Of course, there is an argument that even if a BNW would be okay to its inhabitants once we got there, getting there might cause a lot of suffering: for instance, if there were lots of people who were forced against their will to adapt to the system. Since many of us might find the BNW to be a fate worse than death, then conditional on us surviving to live in the BNW, it's a hellworld (at least to us). But again this doesn't seem like it requires a thorough understanding of our values to detect: it just requires detecting the fact that if we survive to live in the BNW, we will experience a lot of suffering due to being in a world which is contrary to our values.
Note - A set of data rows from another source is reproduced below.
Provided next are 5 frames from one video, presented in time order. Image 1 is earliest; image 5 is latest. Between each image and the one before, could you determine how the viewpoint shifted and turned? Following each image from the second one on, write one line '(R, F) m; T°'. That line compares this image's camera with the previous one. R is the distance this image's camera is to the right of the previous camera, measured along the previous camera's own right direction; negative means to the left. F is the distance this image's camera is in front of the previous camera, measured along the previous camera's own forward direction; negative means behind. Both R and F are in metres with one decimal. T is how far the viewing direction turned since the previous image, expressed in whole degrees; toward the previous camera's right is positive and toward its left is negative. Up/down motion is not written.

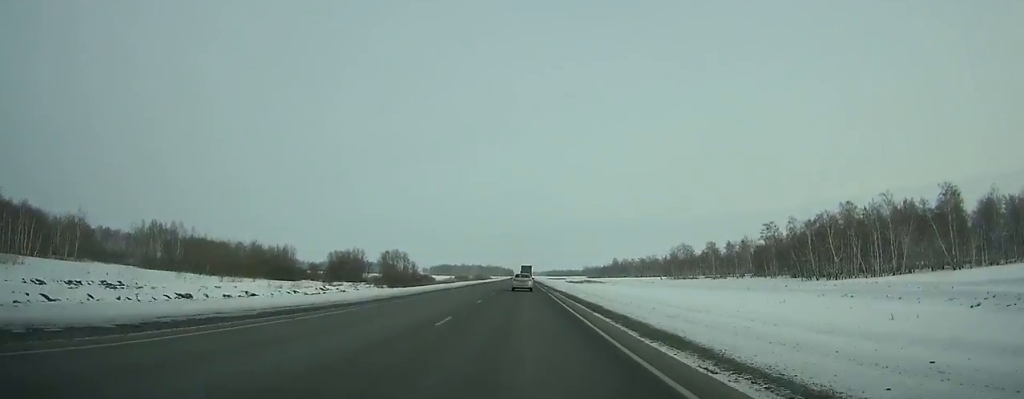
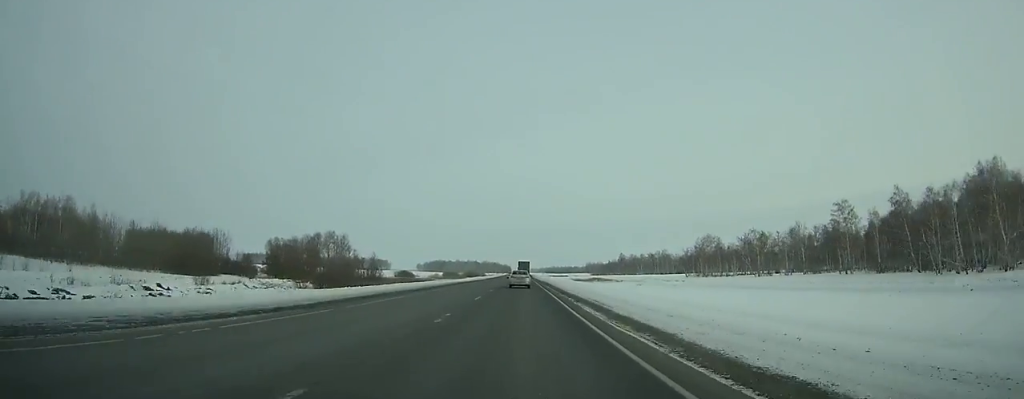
(+0.1, +47.2) m; 0°
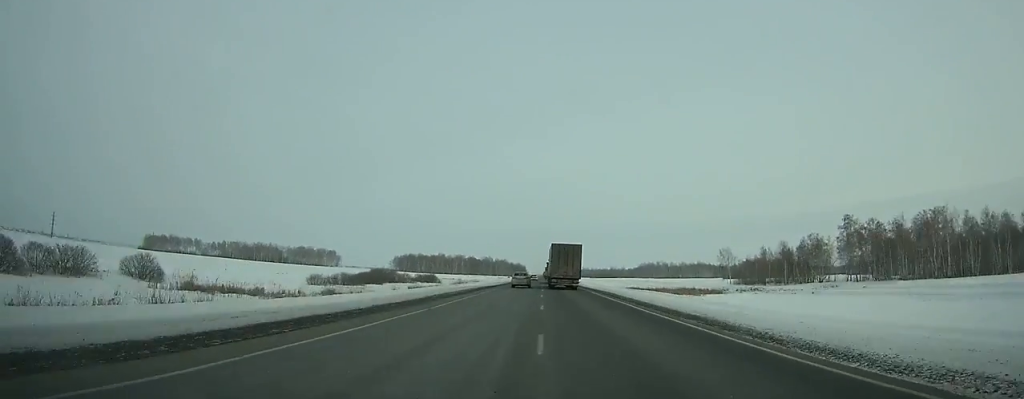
(-2.6, +331.4) m; -1°
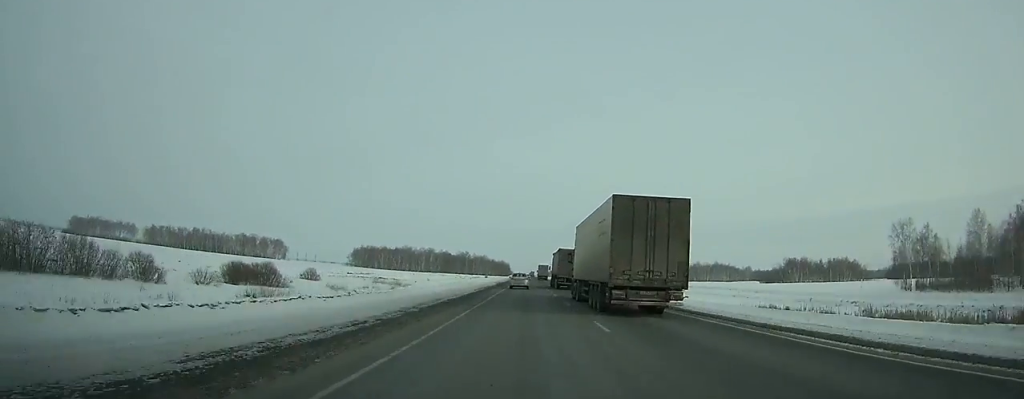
(+0.4, +104.5) m; +1°
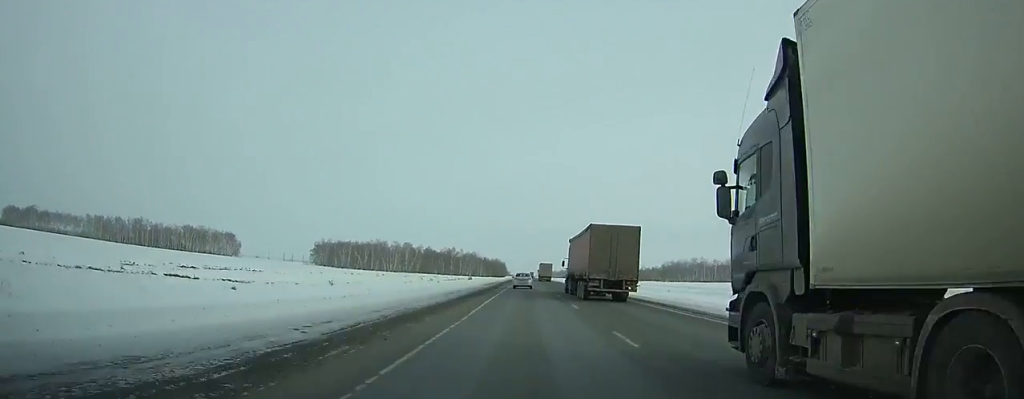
(+0.4, +88.0) m; 0°

comment by Stuart_Armstrong · 2019-01-30T18:10:46.779Z · score: 4 (None votes) · LW · GW

Assuming that we can come up with a reasonable definition of suffering

Checking whether there is a large amount of suffering in a deliberately obfuscated world seems hard, or impossible if a superintelligent has done the obfuscating.

comment by Kaj_Sotala · 2019-01-30T20:39:04.834Z · score: 3 (None votes) · LW · GW

True, not disputing that. Only saying that it seems like an easier problem than solving human values first, and then checking whether those values are satisfied.

comment by John_Maxwell_IV · 2019-01-30T00:05:44.845Z · score: 2 (None votes) · LW · GW

the set of things that can be described to us without fundamentally changing our values is much smaller still

What's the evidence for this set being "much smaller"?

comment by Stuart_Armstrong · 2019-01-30T18:08:22.951Z · score: 2 (None votes) · LW · GW

Can you imagine sitting through a ten-year lecture without your values changing? Can you imagine sitting through that lecture without your values changing somewhat in reaction to the content?

comment by Kaj_Sotala · 2019-01-30T20:40:08.055Z · score: 5 (None votes) · LW · GW

This seems like it would mainly affect instrumental values rather than terminal ones.

comment by Stuart_Armstrong · 2019-01-30T21:38:56.309Z · score: 2 (None votes) · LW · GW

In many areas, we have no terminal values until the problem is presented to us, then we develop terminal values (often dependent on how the problem was phrased) and stick to them. Eg the example with Soviet and American journalists visiting each other's countries.

comment by Dagon · 2019-01-29T20:39:29.336Z · score: 2 (None votes) · LW · GW

I think a little more formal definition of "describable" and "summarizable" would help me understand. I start with a belief that any world is it's own best model, so I don't think worlds are describable in full I may be wrong - world-descriptions may compress incredibly well, and it's possible to describe a world IN ANOTHER WORLD. but fully describing a world inside a subset of that world itself cannot be done.

"summarizable" is more interesting. If it just means "a trustworthy valuation", then fine - it's possible, and devolves to "is there any such thing as a trustworthy summarizer". If it means some other subset of a description, then it may or may not be possible.

comment by Dagon · 2019-01-31T21:36:13.514Z · score: 2 (None votes) · LW · GW

Thinking about other domains, a proof is a summary of (an aspect of) a formal system. It provides a different level of information than is contained in the base axioms. Can we model "summary" of the suffering level/ratio/hellishness of a world in the same terms. It's not about trusting the agent, it's about the agent finding the subset of information about the world that shows us that the result is true.

comment by William_S · 2019-01-31T20:03:23.882Z · score: 1 (None votes) · LW · GW

Do you think you'd agree with a claim of this form applied to corrigibility of plans/policies/actions?

That is: If some plan/policy/action is uncorrigible, then A can provide some description of how the action is incorrigible.

comment by Stuart_Armstrong · 2019-02-01T13:41:28.836Z · score: 2 (None votes) · LW · GW

Given some definition of corrigibility, yes.